Quelles réorganisations à gauche ?
Les partis de la gauche institutionnelle regroupés dans la coalition électorale « Mouvement Progressiste », ont accueilli avec soulagement la résolution du TEPJF déclarant officiellement vainqueur EPN. La priorité étant pour eux de mettre fin au conflit postélectoral afin de pouvoir négocier postes et positions avec le nouvel homme fort du pays. Ces derniers n’ont en aucun cas vocation à entreprendre une lutte frontale contre le régime. Lors d’un meeting tenu le 9 septembre qui a à nouveau fait le plein sur le Zócalo de Mexico, AMLO a annoncé sa séparation « sans rupture » avec les partis composant le « Mouvement Progressiste ».

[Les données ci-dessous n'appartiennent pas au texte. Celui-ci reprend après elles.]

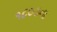
૧૮૦૩ના
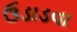
ઉડાડવા
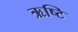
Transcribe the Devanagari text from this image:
ऋष्टि
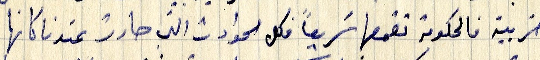
حزبية فالحكومة تقمعها سَريعاً فكل الحوادث عندنا كانها
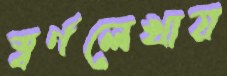
স্বর্ণলেখায়
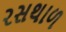
રસથાળ
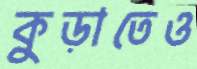
কুড়াতেও
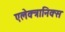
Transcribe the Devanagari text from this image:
एलेक्त्रानिक्स
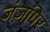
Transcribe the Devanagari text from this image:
जंजगिर
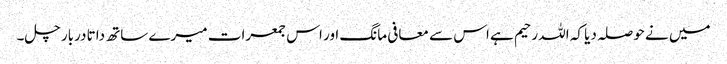
میں نے حوصلہ دیا کہ اللہ رحیم ہے اس سے معافی مانگ اور اس جمعرات میرے ساتھ داتا دربار چل۔
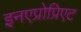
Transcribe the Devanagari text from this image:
इनएप्रोप्रिएट
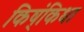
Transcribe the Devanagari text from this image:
किष्ंिकधा
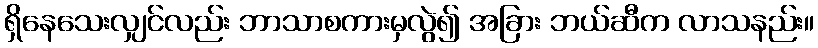
ရှိနေသေးလျှင်လည်း ဘာသာစကားမှလွဲ၍ အခြား ဘယ်ဆီက လာသနည်း။
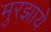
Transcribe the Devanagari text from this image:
मुरझाये
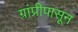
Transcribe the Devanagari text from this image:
ग्रांप्रीपासून
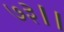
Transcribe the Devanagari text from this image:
७३।।
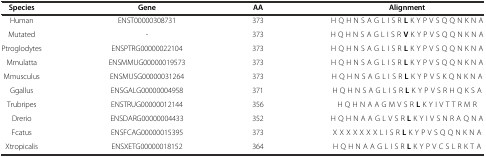
| Species | Gene | AA | Alignment |
 | --- | --- | --- | --- |
 | Human | ENST00000308731 | 373 | H Q H N S A G L I S R L K Y P V S Q Q N K N A |
 | Mutated | - | 373 | H Q H N S A G L I S R V K Y P V S Q Q N K N A |
 | Ptroglodytes | ENSPTRG00000022104 | 373 | H Q H N S A G L I S R L K Y P V S Q Q N K N A |
 | Mmulatta | ENSMMUG00000019573 | 373 | H Q H N S A G L I S R L K Y P V S Q Q N K N A |
 | Mmusculus | ENSMUSG00000031264 | 373 | H Q H N S A G L I S R L K Y P V S K Q N K N A |
 | Ggallus | ENSGALG00000004958 | 371 | H Q H N S A G L I S R L K Y P V S R H Q K S A |
 | Trubripes | ENSTRUG00000012144 | 356 | H Q H N A A G M V S R L K Y I V T T R M R |
 | Drerio | ENSDARG00000004433 | 352 | H Q H N A A G L V S R L K Y I V S N R A Q N A |
 | Fcatus | ENSFCAG00000015395 | 373 | X X X X X X X L I S R L K Y P V S Q Q N K N A |
 | Xtropicalis | ENSXETG00000018152 | 364 | H Q H N A A G L I S R L K Y P V C S L R K T A |
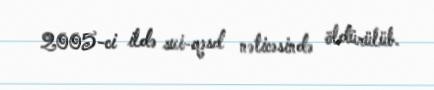
2005-ci ildə sui-qəsd nəticəsində öldürülüb.
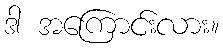
ဒါ အကြောင်းလား။
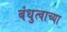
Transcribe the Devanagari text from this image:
बंधुत्वाच्या
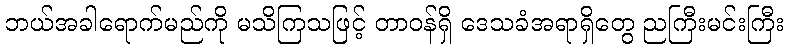
ဘယ်အခါရောက်မည်ကို မသိကြသဖြင့် တာဝန်ရှိ ဒေသခံအရာရှိတွေ ညကြီးမင်းကြီး
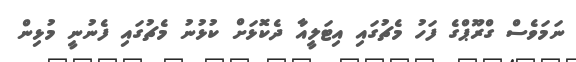
ނަމަވެސް ގްރޫޕްގެ ފަހު މެޗުގައި އިޓަލީއާ ދެކޮޅަށް ކުޅުނު މެޗުގައި ފެނުނީ މުޅިން
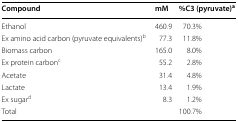
<table><thead><tr><td><b>Compound</b></td><td><b>mM</b></td><td><b>%C3 (pyruvate)<sup>a</sup></b></td></tr></thead><tbody><tr><td>Ethanol</td><td>460.9</td><td>70.3%</td></tr><tr><td>Ex amino acid carbon (pyruvate equivalents)<sup>b</sup></td><td>77.3</td><td>11.8%</td></tr><tr><td>Biomass carbon</td><td>165.0</td><td>8.0%</td></tr><tr><td>Ex protein carbon<sup>c</sup></td><td>55.2</td><td>2.8%</td></tr><tr><td>Acetate</td><td>31.4</td><td>4.8%</td></tr><tr><td>Lactate</td><td>13.4</td><td>1.9%</td></tr><tr><td>Ex sugar<sup>d</sup></td><td>8.3</td><td>1.2%</td></tr><tr><td colspan="2">Total</td><td>100.7%</td></tr></tbody></table>
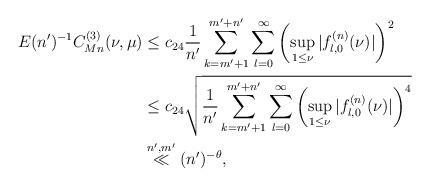
LaTeX: \begin{align*}E (n')^{-1} C_{Mn}^{(3)}(\nu, \mu) & \le c_{24} \frac{1}{n'} \sum_{k=m'+1}^{m'+n'} \sum_{l=0}^\infty \left( \sup_{1 \le \nu} | f_{l,0}^{(n)}( \nu ) | \right)^2 \\& \le c_{24} \sqrt{ \frac{1}{n'} \sum_{k=m'+1}^{m'+n'} \sum_{l=0}^\infty \left( \sup_{1 \le \nu} | f_{l,0}^{(n)}( \nu ) | \right)^4 } \\& \stackrel{n',m'}{\ll} (n')^{-\theta},\end{align*}
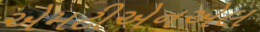
એમટીએનએલ
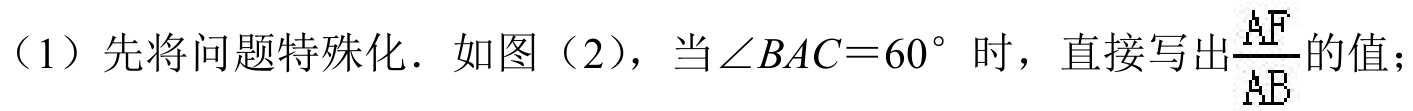
（1）先将问题特殊化．如图（2），当\(\angle BAC = 60^{\circ}\)时，直接写出\(\frac{AF}{AB}\)的值；
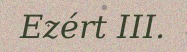
Ezért III.
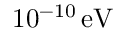
1 0 ^ { - 1 0 } \, \mathrm { e V }
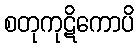
စတုကုဋိကောပိ
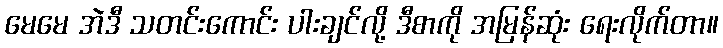
မေမေ အဲဒီ သတင်းကောင်း ပါးချင်လို့ ဒီစာကို အမြန်ဆုံး ရေးလိုက်တာ။
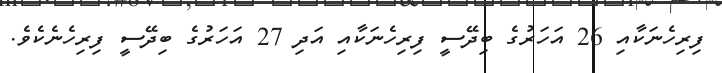
ފިރިހެނަކާއި 26 އަހަރުގެ ބިދޭސީ ފިރިހެނަކާއި އަދި 27 އަހަރުގެ ބިދޭސީ ފިރިހެނެކެވެ.
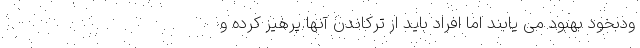
ودبخود بهبود می یابند اما افراد باید از ترکاندن آنها پرهیز کرده و
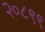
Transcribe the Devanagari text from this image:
२०८९९
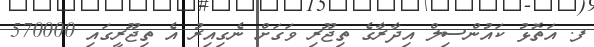
ފ. އަތޮޅު ކައުންސިލް އިދާރާގެ ތިޖޫރި ވަގަށް ނެގިއިރު އެ ތިޖޫރީގައި 570000
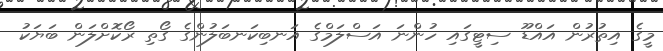
މީގެ އިތުރުން އައްޑޫ ސިޓީގައި ހުންނަ އަސްލަމްގެ އަނބިކަނބަލުންގެ ގޯތި ރޯކޮށްލަން ބަޔަކު
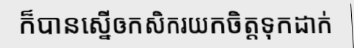
ក៏បានស្នើឲកសិករយកចិត្តទុកដាក់
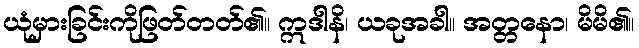
ယုံမှားခြင်းကိုဖြတ်တတ်၏။ ဣဒါနိ၊ ယခုအခါ။ အတ္တနော၊ မိမိ၏။
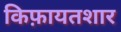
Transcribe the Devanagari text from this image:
किफ़ायतशार
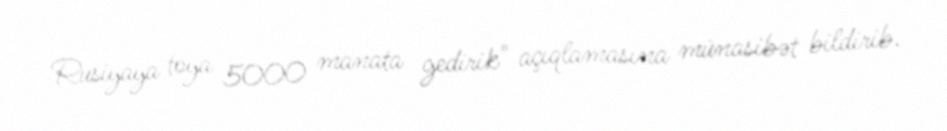
Rusiyaya toya 5000 manata gedirik" açıqlamasına münasibət bildirib.
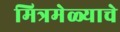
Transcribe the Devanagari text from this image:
मित्रमेळ्याचे
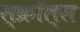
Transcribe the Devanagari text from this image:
स्क्रॉल्स

Au cours de cette assemblée il a annoncé la poursuite du travail de construction de MORENA qui tiendra un congrès national en novembre au cours duquel sera probablement décidée sa transformation en parti politique doté de reconnaissance juridique. AMLO a également annoncé que MORENA ne reconnaîtra pas EPN comme Président et a présenté un plan de « désobéissance civile » qui frappe par son caractère extrêmement « légaliste » et qui se contente de dénoncer de manière symbolique le caractère illégitime du Président tout en renonçant de fait à entreprendre une lutte de masses pour empêcher pratiquement son intronisation le premier décembre.
L’annonce d’AMLO qui renonce de fait à poursuivre la bataille contre l’intronisation d’EPN en fait reposer le poids exclusif sur le mouvement étudiant « Je suis le 132 » et sur la « Convention Nationale contre l’Imposition ». Il est évident que pour être à la hauteur de la situation un front unique faisant appel aux 16 millions de personnes ayant voté pour AMLO aurait été nécessaire. En lieu et place, sa proposition d’un nouveau parti pluri-classiste dont le programme ressemblera fortement à celui du Parti de la Révolution Démocratique (PRD) des origines semble notoirement insuffisante.
Pour les secteurs de la gauche anticapitaliste qui ont appuyé la candidature d’AMLO l’heure de faire des choix semble donc arrivée. Face à la poursuite des politiques néolibérales les plus brutales et aux luttes qui s’annoncent de manière inexorable, la construction d’un parti des travailleurs indépendant doté d’une base de masse et défendant un programme de classe doit être la priorité. La jeune Organisation Politique du Peuple et des Travailleurs (OPT), fondée il y a un an à peine à l’initiative du combatif Syndicat Mexicain des Électriciens (SME) et rejoint depuis par d’autres organisations syndicales et populaires, en représente aujourd’hui la forme embryonnaire. C’est probablement à la construction d’une organisation de ce type, seule à même de représenter une alternative aux partis de la gauche institutionnelle, que doit s’atteler la gauche socialiste et révolutionnaire.